Modern developments of Fourier analysis during the 20th century have explored generalizations of Fourier and Fourier-Plancherel formula for non-commutative harmonic analysis, applied to locally-compact, non-Abelian groups. In parallel, the theory of coherent states and wavelets has been generalized over Lie groups. One should add the developments, over the last 30 years, of the applications of harmonic analysis to the description of the fascinating world of aperiodic structures in condensed matter physics. The notions of model sets, introduced by Y. Meyer, and of almost periodic functions, have revealed themselves to be extremely fruitful in this domain of natural sciences.
The name of Joseph Fourier is also inseparable from the study of the mathematics of heat. Modern research on heat equations explores the extension of the classical diffusion equation on Riemannian, sub-Riemannian manifolds, and Lie groups.

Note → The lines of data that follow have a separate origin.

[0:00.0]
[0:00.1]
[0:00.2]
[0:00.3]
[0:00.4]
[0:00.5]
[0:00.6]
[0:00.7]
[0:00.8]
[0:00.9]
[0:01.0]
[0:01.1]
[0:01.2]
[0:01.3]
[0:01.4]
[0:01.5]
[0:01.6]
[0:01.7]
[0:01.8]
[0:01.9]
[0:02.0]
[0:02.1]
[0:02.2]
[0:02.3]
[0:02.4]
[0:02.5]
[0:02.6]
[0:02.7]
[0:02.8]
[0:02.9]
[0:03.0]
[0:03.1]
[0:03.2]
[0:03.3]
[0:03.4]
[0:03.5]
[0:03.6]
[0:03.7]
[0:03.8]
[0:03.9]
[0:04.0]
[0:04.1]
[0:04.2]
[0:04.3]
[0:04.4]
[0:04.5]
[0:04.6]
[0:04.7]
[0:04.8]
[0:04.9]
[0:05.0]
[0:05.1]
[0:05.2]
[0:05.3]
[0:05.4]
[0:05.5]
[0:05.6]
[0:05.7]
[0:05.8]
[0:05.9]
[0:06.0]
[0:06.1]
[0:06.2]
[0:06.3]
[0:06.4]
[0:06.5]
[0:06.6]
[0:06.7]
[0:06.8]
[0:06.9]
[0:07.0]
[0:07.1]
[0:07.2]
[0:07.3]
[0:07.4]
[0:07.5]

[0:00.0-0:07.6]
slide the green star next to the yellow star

In parallel, in geometric mechanics, Jean-Marie Souriau interpreted the temperature vector of Planck as a space-time vector, obtaining, in this way, a phenomenological model of continuous media, which presents some interesting properties.

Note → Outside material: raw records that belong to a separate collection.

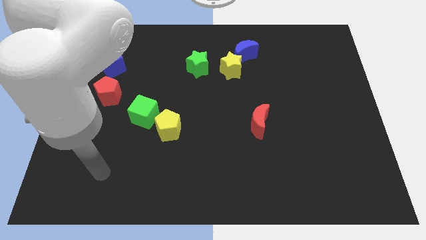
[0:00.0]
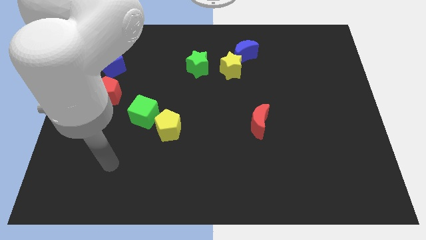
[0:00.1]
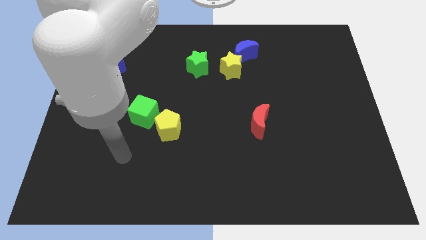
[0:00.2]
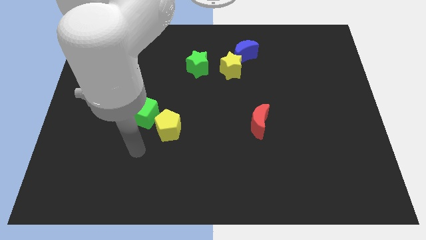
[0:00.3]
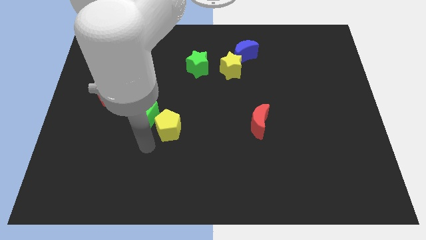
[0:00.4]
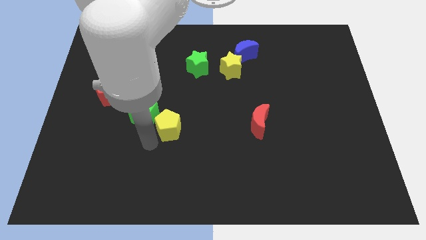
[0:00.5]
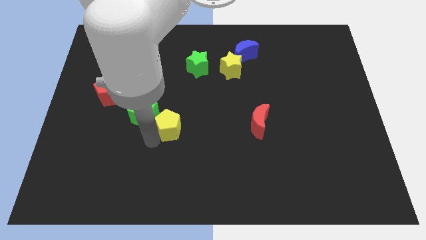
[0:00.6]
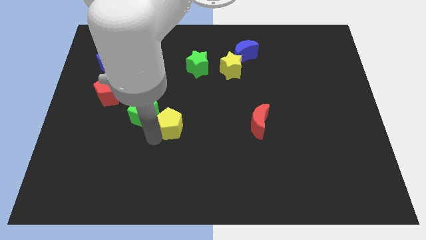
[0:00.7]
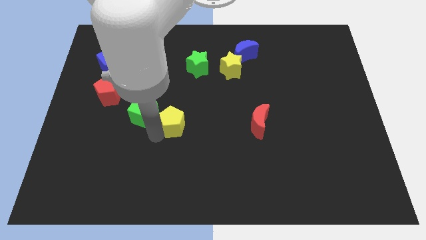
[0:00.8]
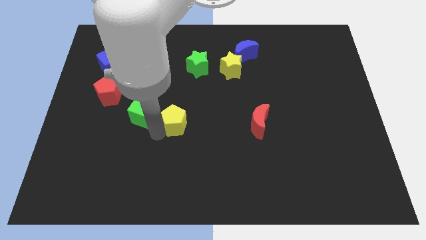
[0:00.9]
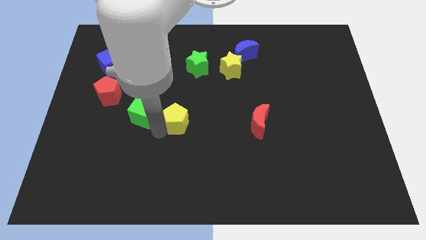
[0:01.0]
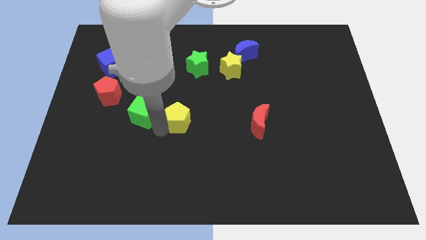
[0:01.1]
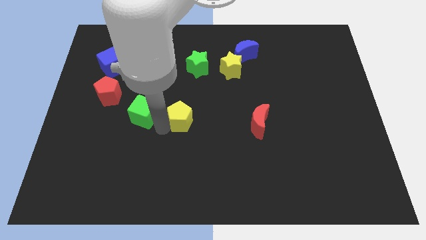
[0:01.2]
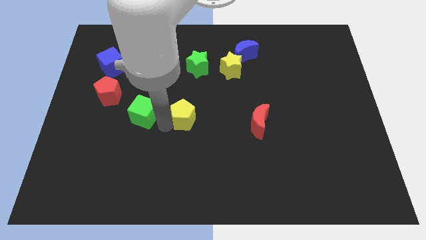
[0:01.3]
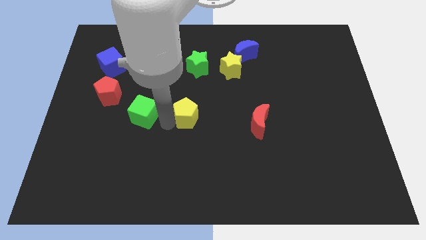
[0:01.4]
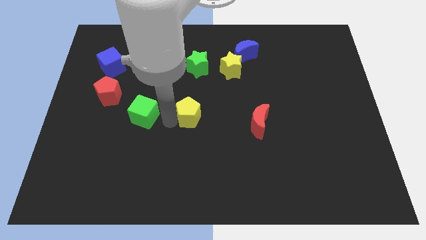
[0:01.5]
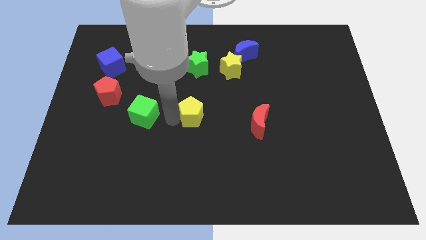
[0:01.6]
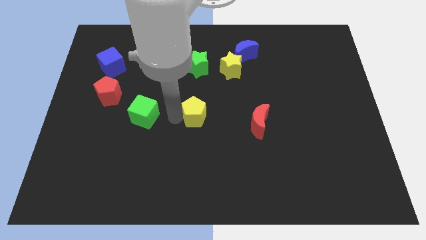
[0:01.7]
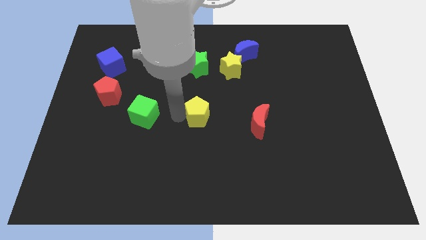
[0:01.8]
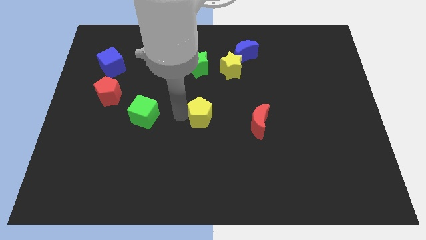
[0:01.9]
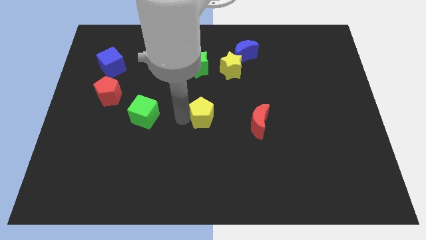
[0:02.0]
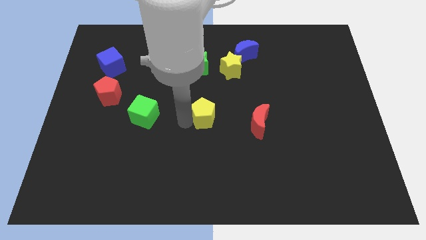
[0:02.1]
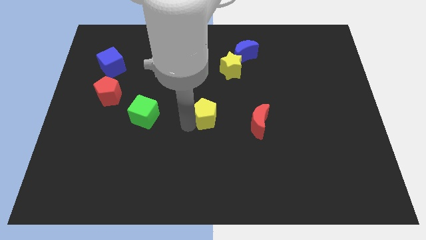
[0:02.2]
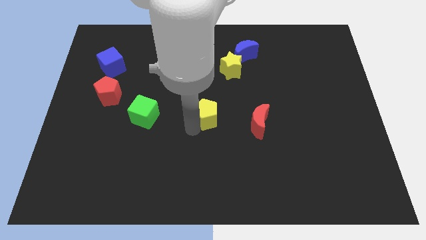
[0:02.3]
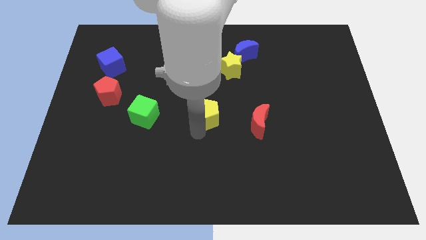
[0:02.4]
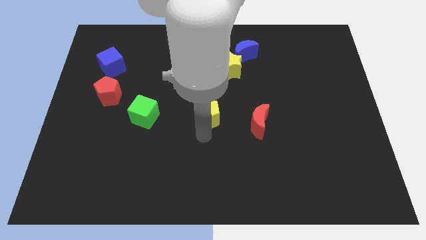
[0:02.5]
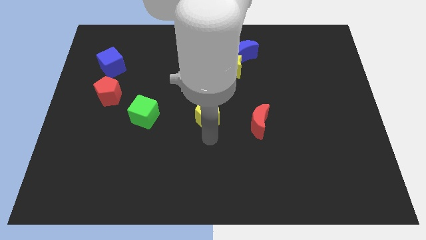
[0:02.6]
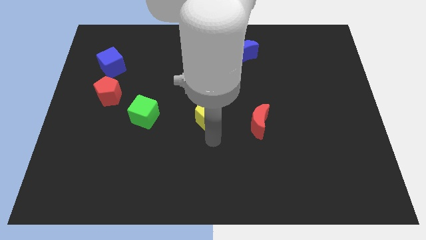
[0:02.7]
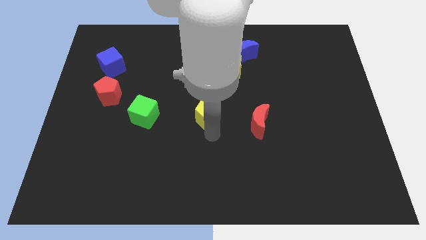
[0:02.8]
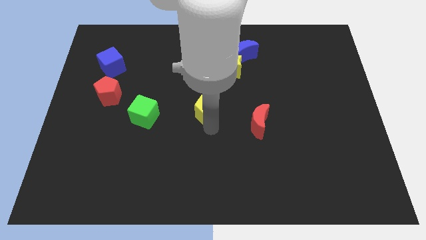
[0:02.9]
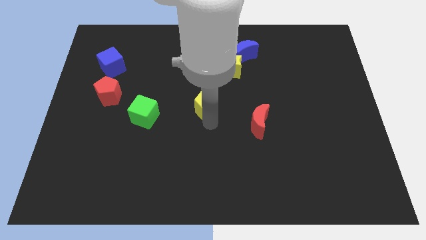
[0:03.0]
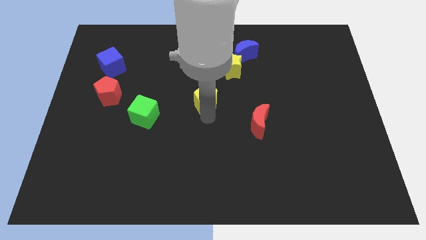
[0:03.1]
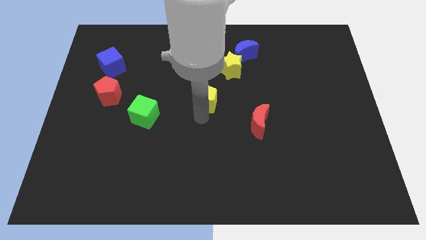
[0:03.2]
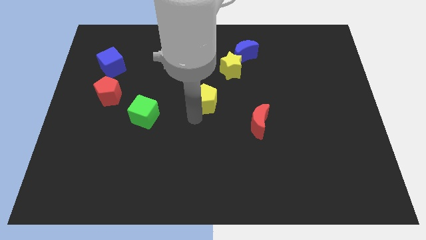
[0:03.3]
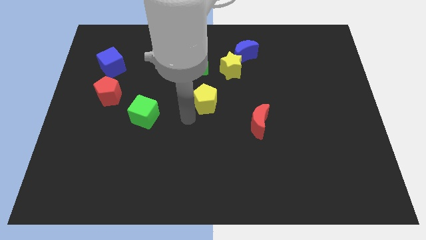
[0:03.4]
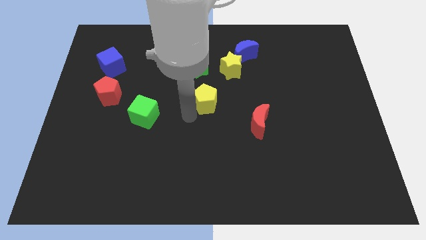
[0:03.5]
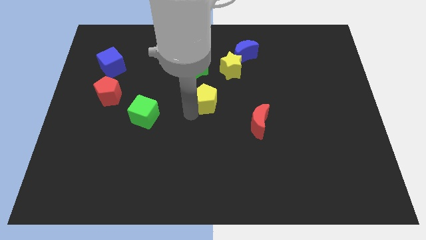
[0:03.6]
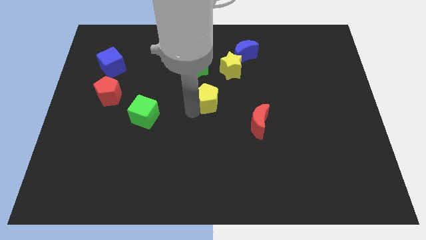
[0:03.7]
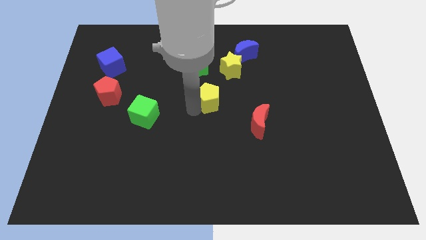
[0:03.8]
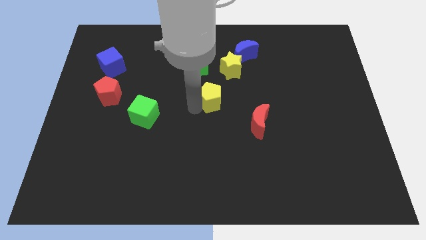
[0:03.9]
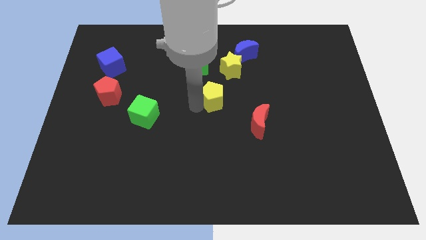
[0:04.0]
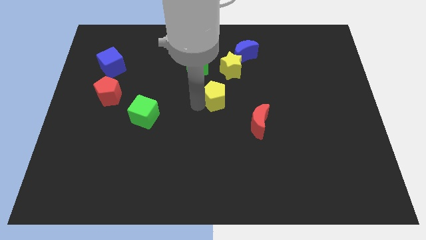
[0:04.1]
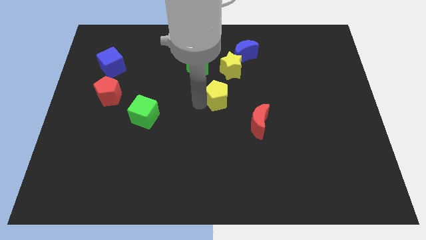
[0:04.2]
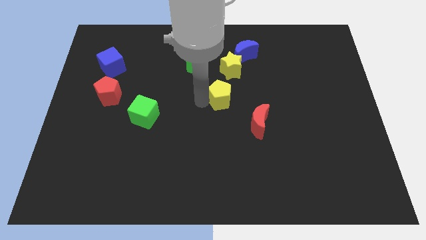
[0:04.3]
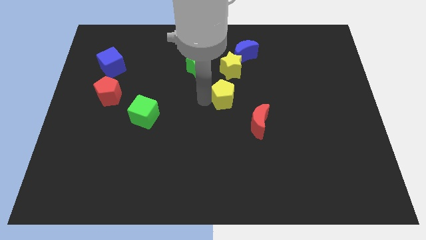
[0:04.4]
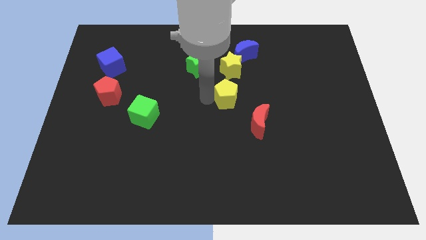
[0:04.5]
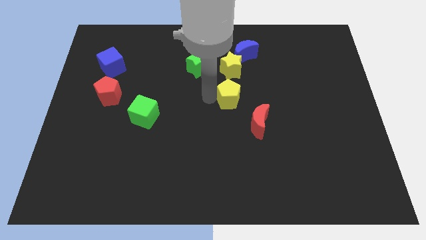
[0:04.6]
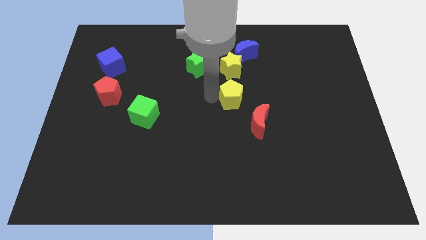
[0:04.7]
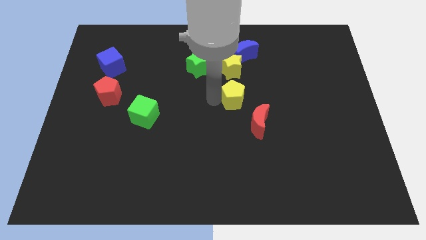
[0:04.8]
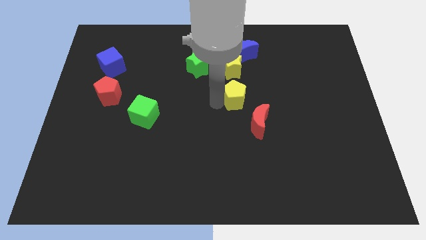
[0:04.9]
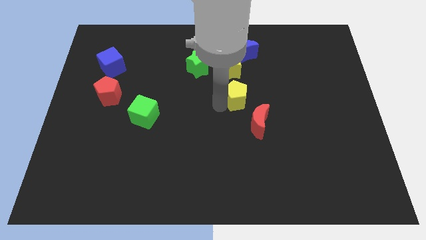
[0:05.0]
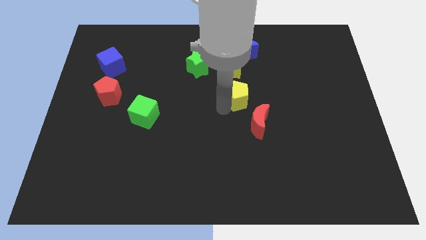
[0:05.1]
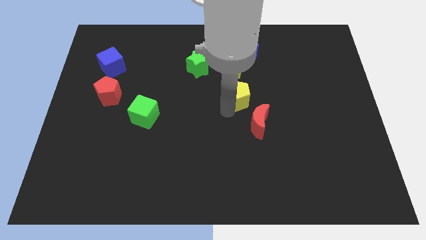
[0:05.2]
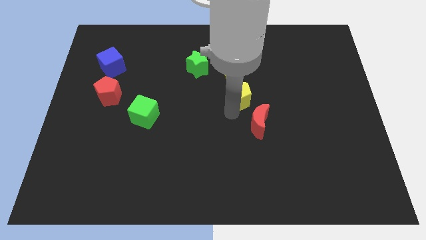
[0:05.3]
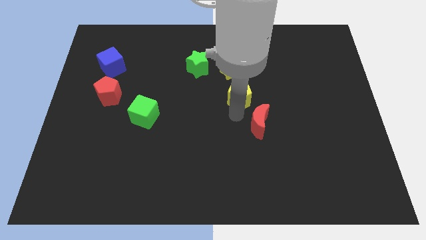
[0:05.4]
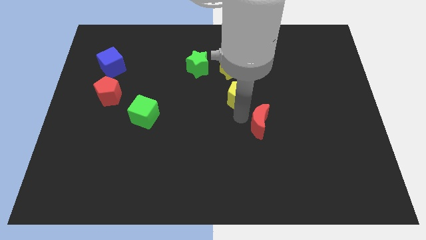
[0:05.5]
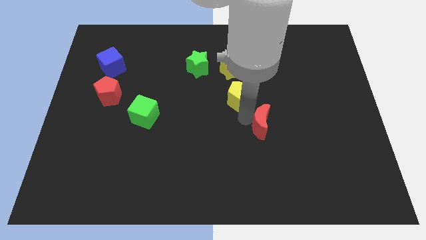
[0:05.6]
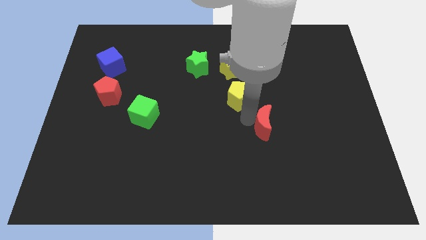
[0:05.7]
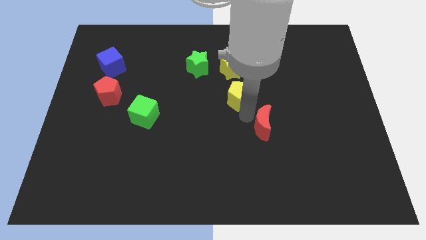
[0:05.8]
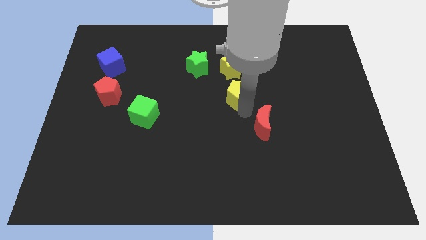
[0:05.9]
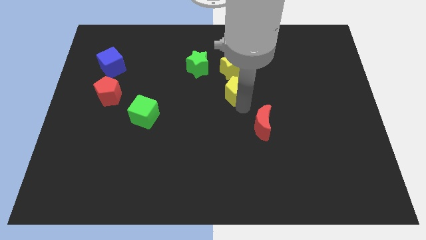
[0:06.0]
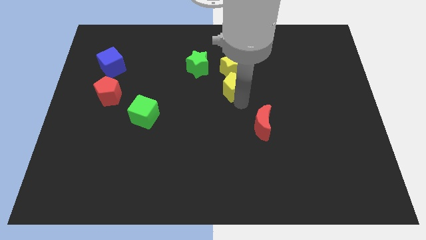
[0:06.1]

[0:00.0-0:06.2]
put the yellow pentagon diagonally down and to the right of the yellow star

One last comment concerns the fundamental contributions of Fourier analysis to quantum physics: Quantum mechanics and quantum field theory.
The content of this Special Issue will highlight papers exploring non-commutative Fourier harmonic analysis, spectral properties of aperiodic order, the hypoelliptic heat equation, and the relativistic heat equation in the context of Information Theory and Geometric Science of Information.